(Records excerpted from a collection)
....................
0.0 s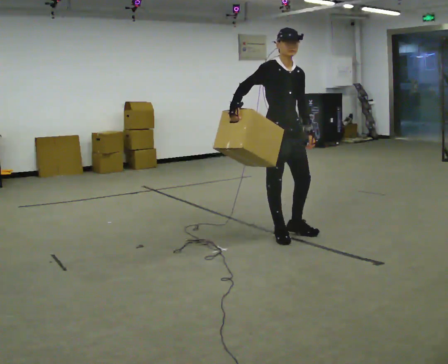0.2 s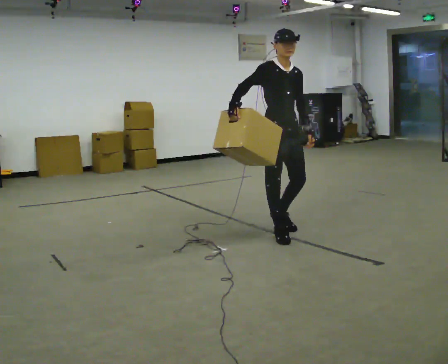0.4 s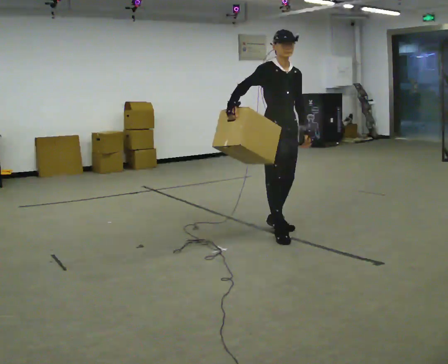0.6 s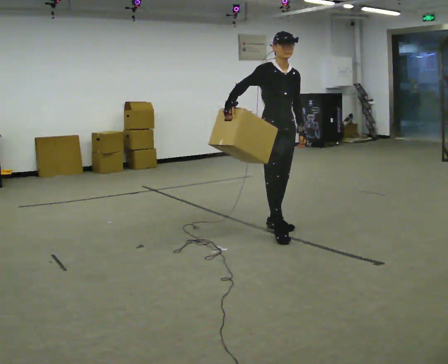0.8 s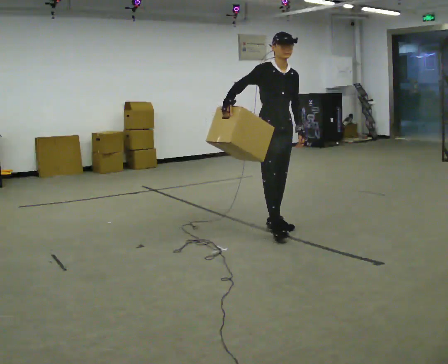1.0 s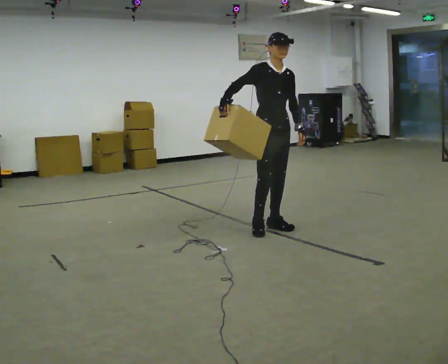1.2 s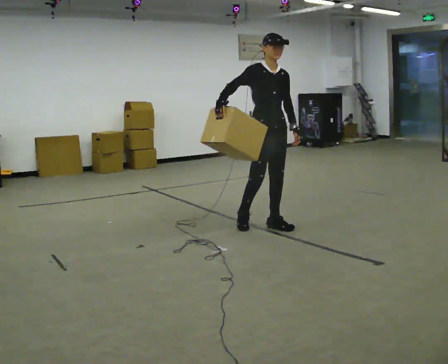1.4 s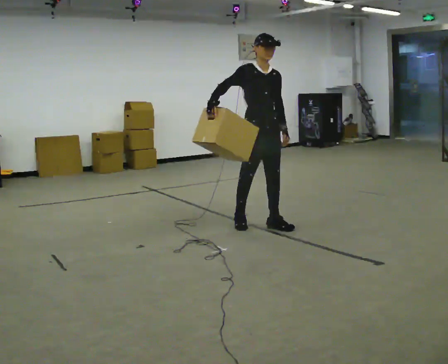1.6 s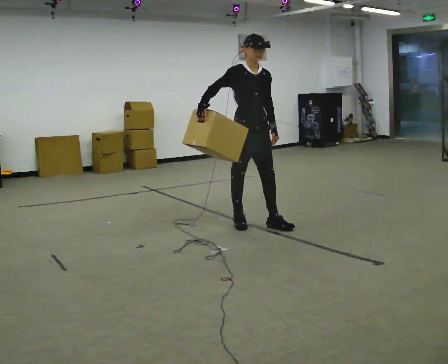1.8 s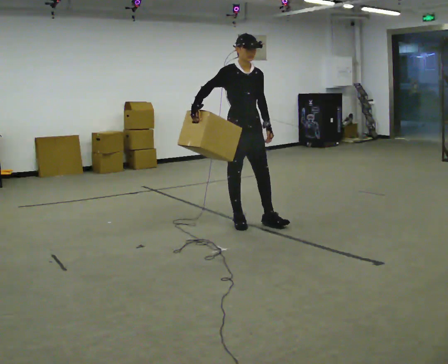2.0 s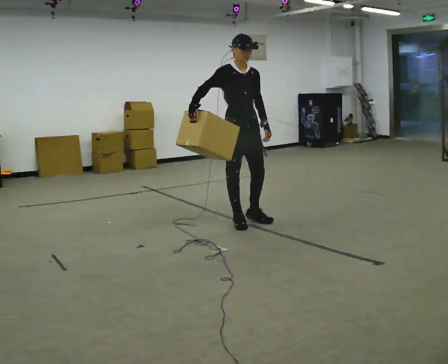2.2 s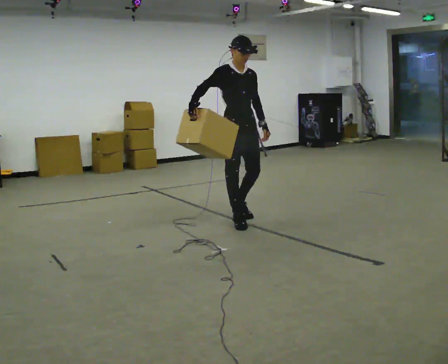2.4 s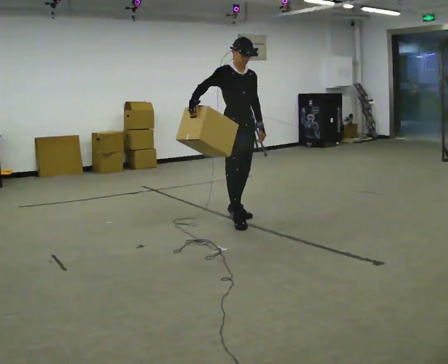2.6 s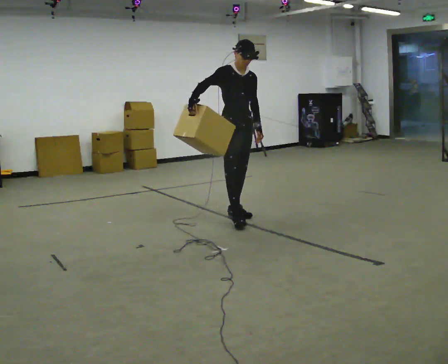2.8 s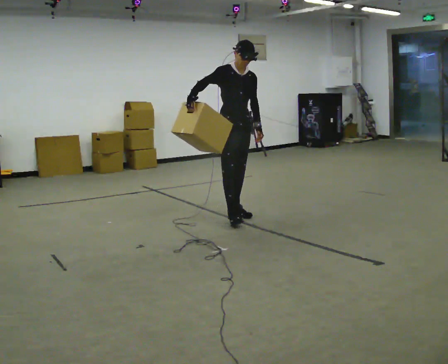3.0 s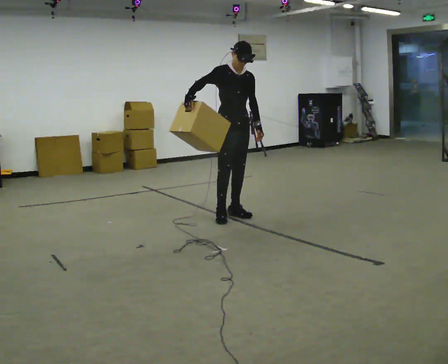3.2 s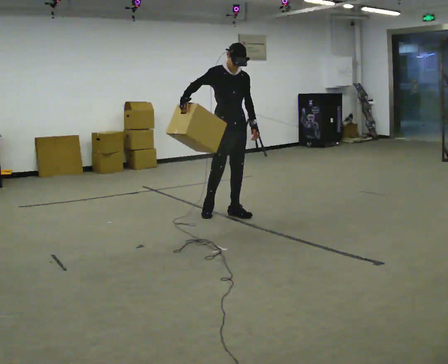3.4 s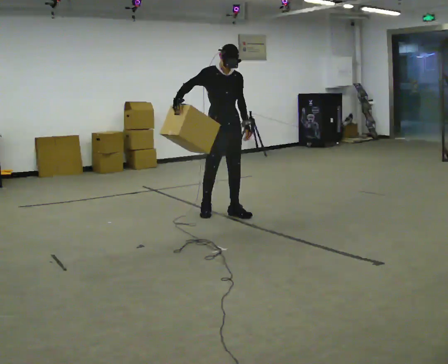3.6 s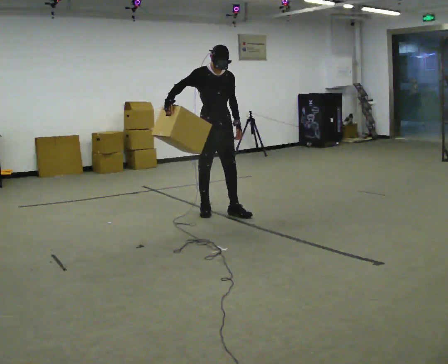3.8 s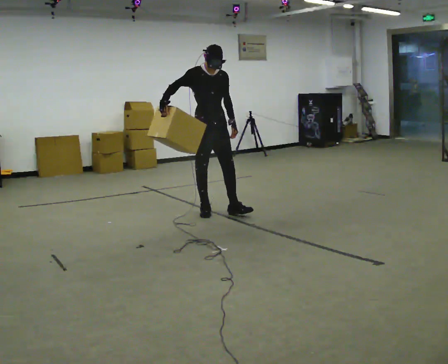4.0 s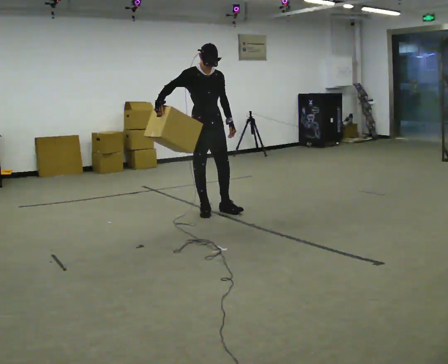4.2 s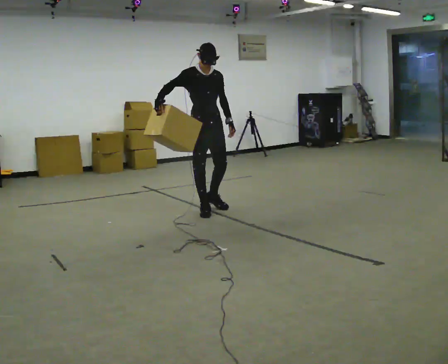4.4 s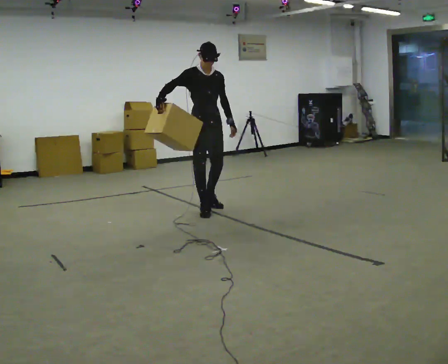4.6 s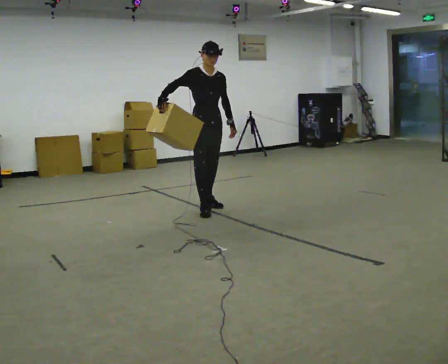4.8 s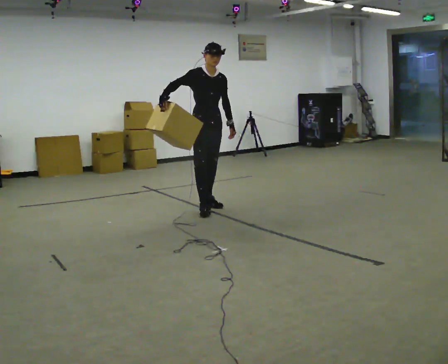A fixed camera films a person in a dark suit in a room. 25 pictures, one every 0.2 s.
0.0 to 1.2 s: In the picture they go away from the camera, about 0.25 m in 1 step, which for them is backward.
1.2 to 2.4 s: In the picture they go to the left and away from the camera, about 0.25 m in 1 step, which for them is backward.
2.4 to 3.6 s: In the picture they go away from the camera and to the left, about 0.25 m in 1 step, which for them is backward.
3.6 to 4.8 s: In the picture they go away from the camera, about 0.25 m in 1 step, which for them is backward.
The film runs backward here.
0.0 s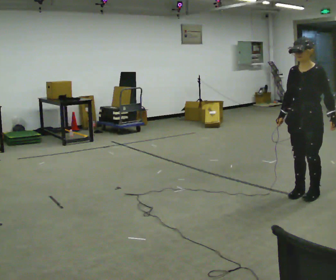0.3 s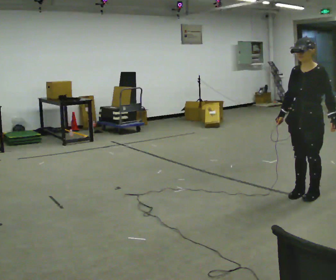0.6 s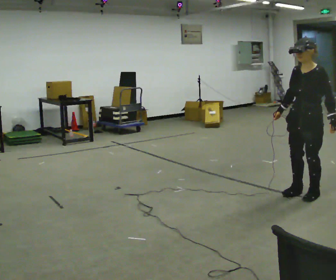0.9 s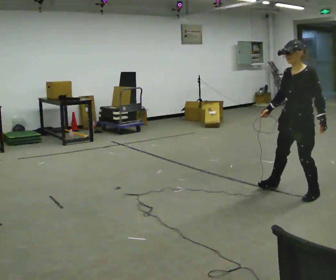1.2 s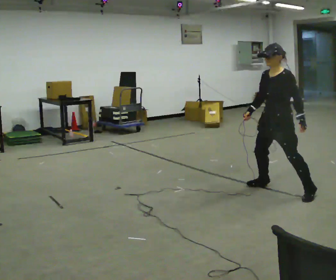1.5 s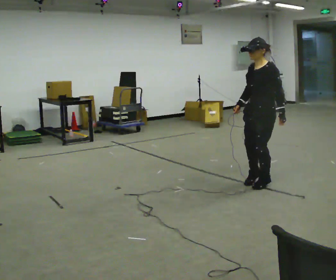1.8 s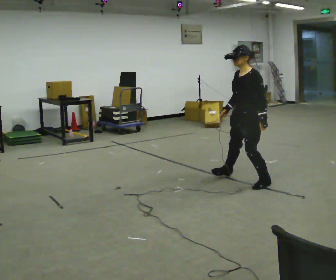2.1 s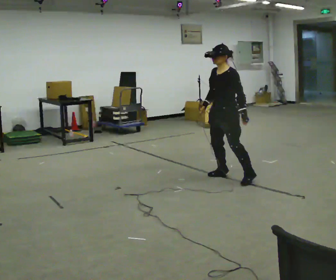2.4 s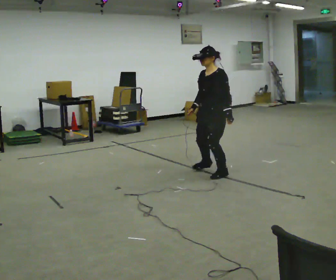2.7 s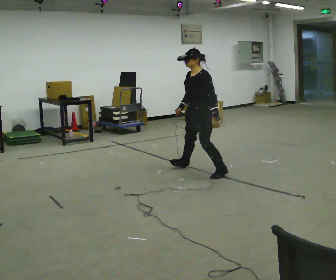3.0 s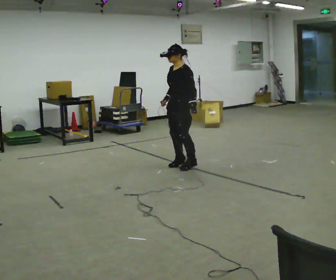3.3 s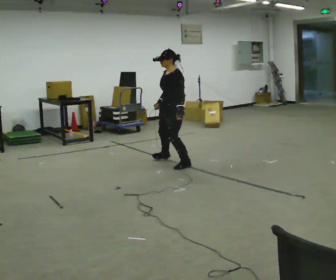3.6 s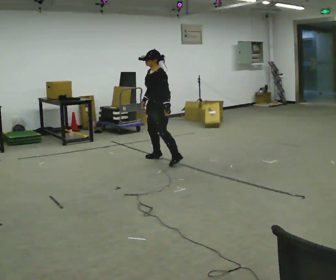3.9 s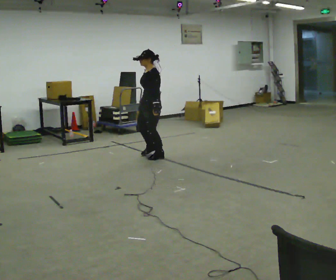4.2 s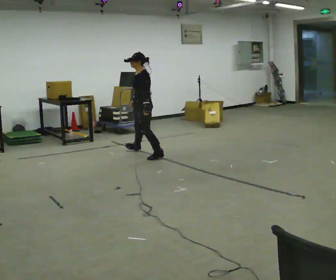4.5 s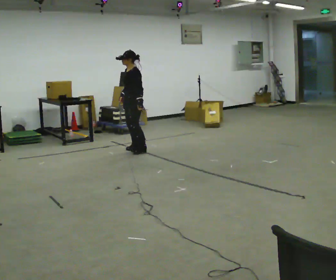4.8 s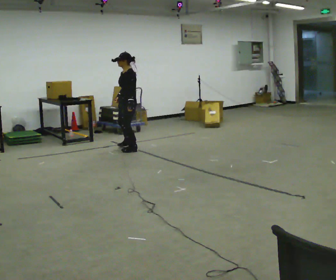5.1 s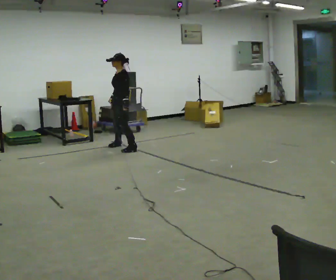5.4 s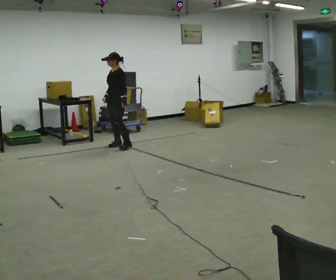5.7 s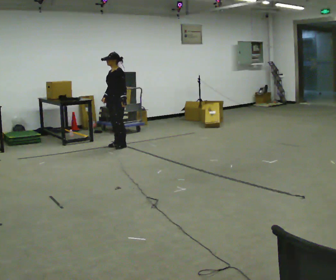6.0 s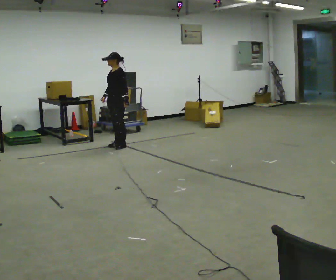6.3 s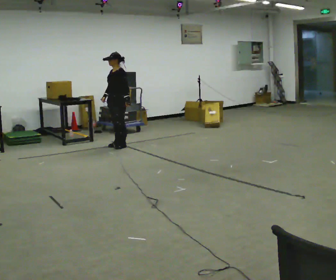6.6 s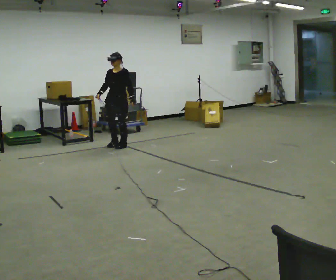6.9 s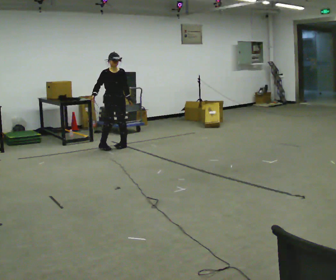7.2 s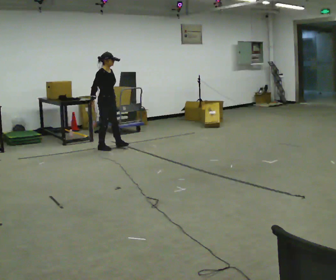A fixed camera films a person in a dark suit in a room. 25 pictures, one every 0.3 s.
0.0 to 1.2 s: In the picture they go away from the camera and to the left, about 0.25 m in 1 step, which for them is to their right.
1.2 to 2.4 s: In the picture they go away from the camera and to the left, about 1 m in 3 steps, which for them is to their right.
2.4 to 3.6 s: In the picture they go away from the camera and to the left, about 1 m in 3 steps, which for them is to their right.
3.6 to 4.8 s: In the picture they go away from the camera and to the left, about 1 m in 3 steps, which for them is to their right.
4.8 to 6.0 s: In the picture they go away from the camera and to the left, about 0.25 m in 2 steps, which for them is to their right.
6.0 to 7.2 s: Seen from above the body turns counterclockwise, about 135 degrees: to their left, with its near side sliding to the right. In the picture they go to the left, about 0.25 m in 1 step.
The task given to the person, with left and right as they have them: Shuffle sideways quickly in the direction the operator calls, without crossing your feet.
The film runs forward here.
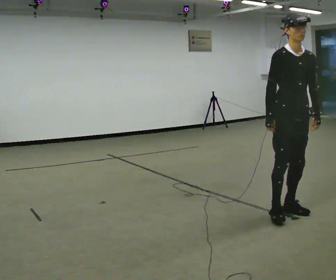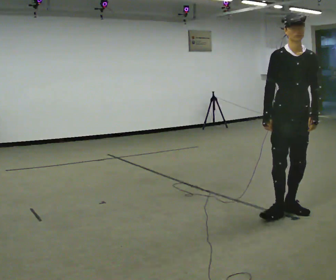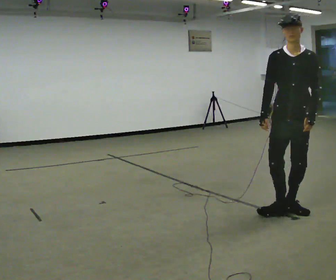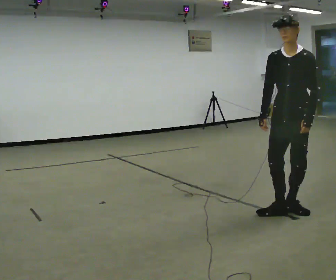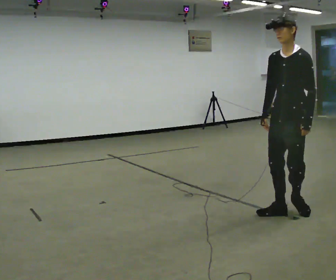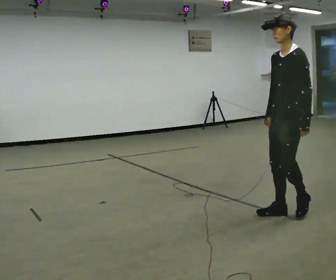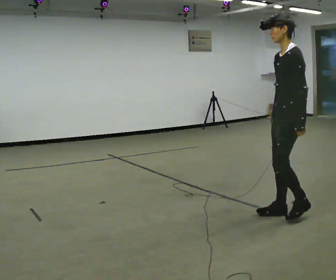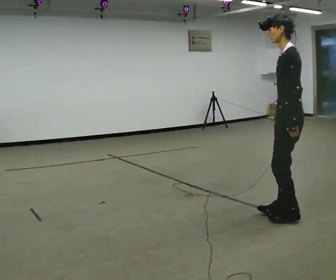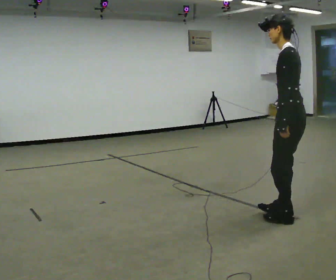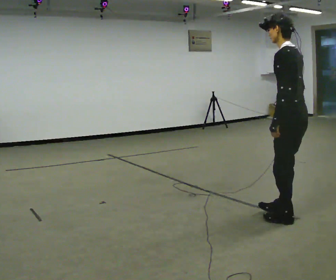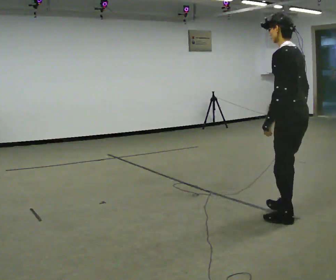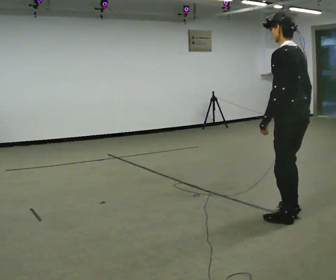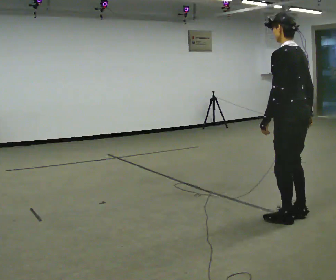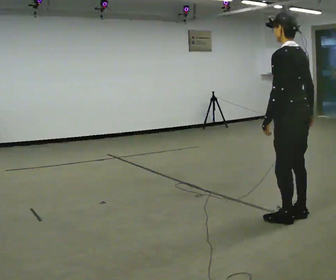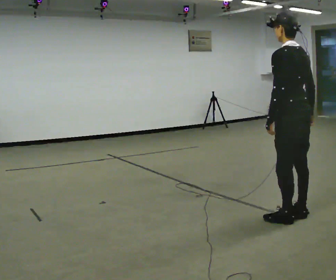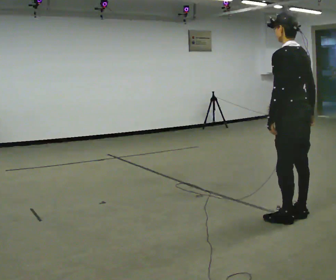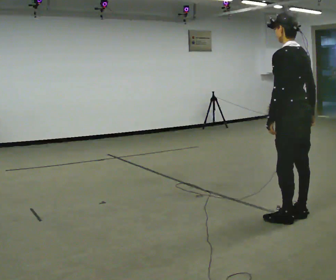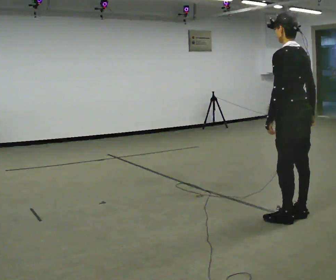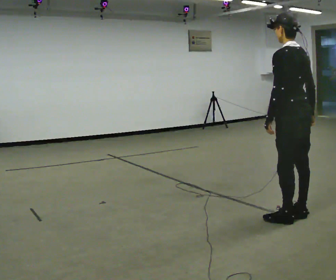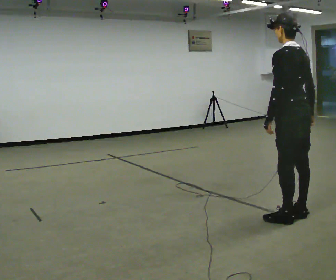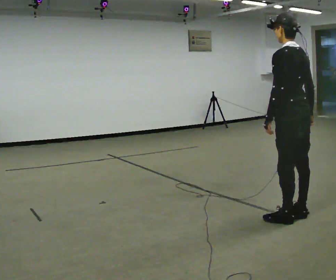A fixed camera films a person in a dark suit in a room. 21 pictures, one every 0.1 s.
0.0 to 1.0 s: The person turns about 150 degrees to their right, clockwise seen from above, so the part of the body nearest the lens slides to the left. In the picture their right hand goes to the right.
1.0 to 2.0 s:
....................
▶ EXERCISE
Output exactly the lines from the one containing "every 0.1 s." through the last line of the records above, both included, leaving out any pictures.

▶ ANSWER
A fixed camera films a person in a dark suit in a room. 21 pictures, one every 0.1 s.
0.0 to 1.0 s: The person turns about 150 degrees to their right, clockwise seen from above, so the part of the body nearest the lens slides to the left. In the picture their right hand goes to the right.
1.0 to 2.0 s:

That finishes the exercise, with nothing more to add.